Cierva Peninsula is located in the northwestern portion of the Antarctic Peninsula, on the south coast of Cierva Cove. Primavera Base (Argentina) and its associated installations are located at Cierva Point on an ice-free area on its northern tip. The GPR survey was made on an area of 140 × 175 m²in the SW-NE and NE-SE directions, as shown in Figure 1. We have used a bi-static radar system, Pulse EKKO 100^TM, with 1000 V pulse and 100 MHz antennas in broadside perpendicular configuration with fixed distance of 1 m. Positioning was provided by a Leica DGPS 500, with the antenna mounted on a pole 2 m from ice surface. A second GPS unit was kept at Primavera Base to provide a post-processed accuracy of ±0.3 m in positioning and 1 m in height.

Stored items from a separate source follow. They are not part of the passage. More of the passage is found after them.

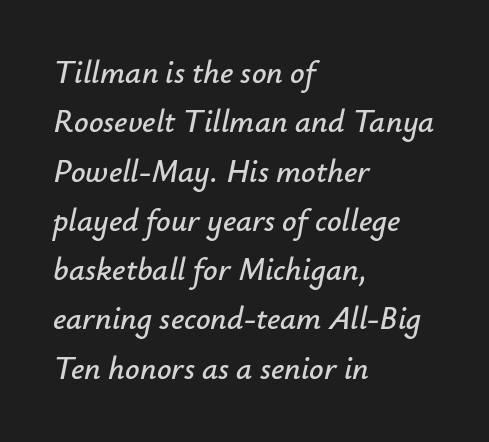
The image shows 32 px text type, italic (leaning right); set left-aligned, normal line spacing (1.54x), normal letter spacing, not underlined; low stroke contrast and a small x-height.
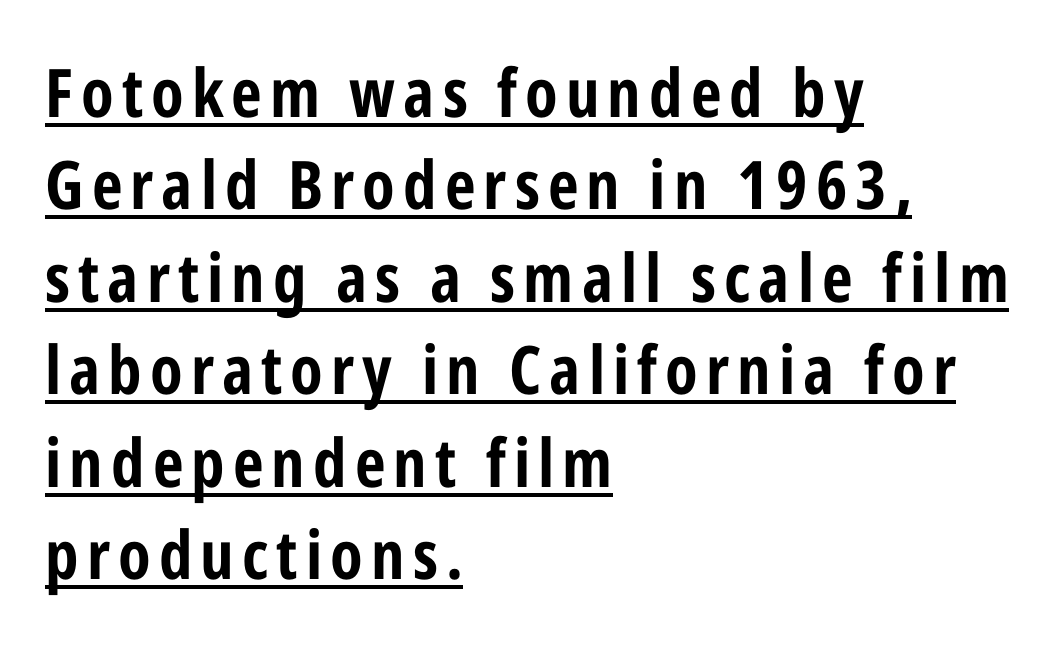
One-word summary of the alignment: left. Proportional: the letters do not fall into vertical columns. Type style note: lacks serifs. Quick note: underline on. Summary of vertical rhythm: regular, with standard interline spacing. Weight: bold.
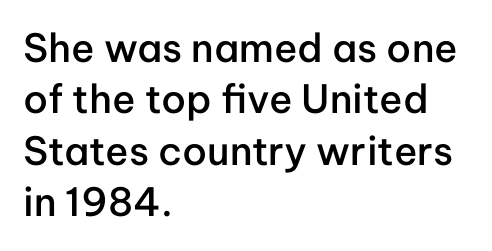
Every stem runs plumb, perpendicular to the baseline. A typesetter would call this proportional, since set widths differ per character. The text block is weighted toward the left margin, trailing off unevenly rightward. The rendering uses a semibold face; strokes are thickened but not to full bold.
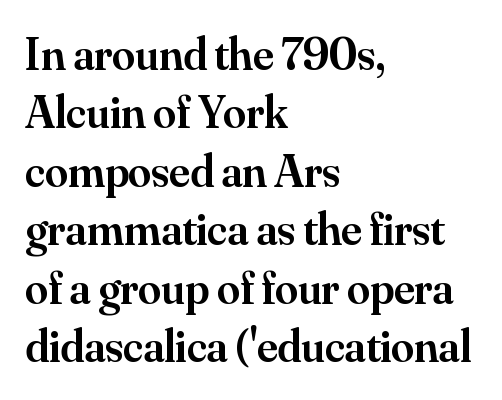
In CSS terms this would be text-align: left. In terms of leading, this rendering sits right in the middle. This is serif lettering, the kind often seen in printed books. The foot of each line stays bare and open. Each letter keeps its own natural width here, so spacing adapts to shape.

Data were collected with an acquisition train of 2 Nansen sledges dragged by a ski-doo. The first Nansen sledge carried both the GPR and GPS systems and an operator, while the second held the antennas, 15 m away from the ski-doo, as shown in Figure 2. The antennas sat on the deck of the sledge, less than 0.3 m from ice surface thus imposing a certain degree of focusing to the EM field due to the permittivity contrast between air and snow. On the other hand the antennas are protected from ground irregularities on the deck.

We collected both fixed offset and CMP data. All the fixed offset data was collected with the acquisition train with automatic firing whereas the CMP data were collected by hand with manual firing. All the data had a time window of 2600 ns with a sampling rate of 1 ns with a stack of 2 and 8 for the train and CMP, respectively. Those acquisition parameters together with the minimum manageable towing speeds of about 10 km/h limited the spatial sampling rate to about 2 m. The final sampling rate is based on the continuous data acquisition adjusted to the DGPS profile, see below.

DATA PROCESSING

The GPR firing was automatic and independent of the GPS positioning. The control on the speed of the acquisition train relied entirely on the driver's ability of keeping a route and judge the ski-doo speedometer at the same time. No wonder how difficult that was in a white area. All that conspired to a wildly varying trace spacing for the GPR profiles making the trace positioning a painstaking task. An automatic numerical procedure was written to position all traces correctly.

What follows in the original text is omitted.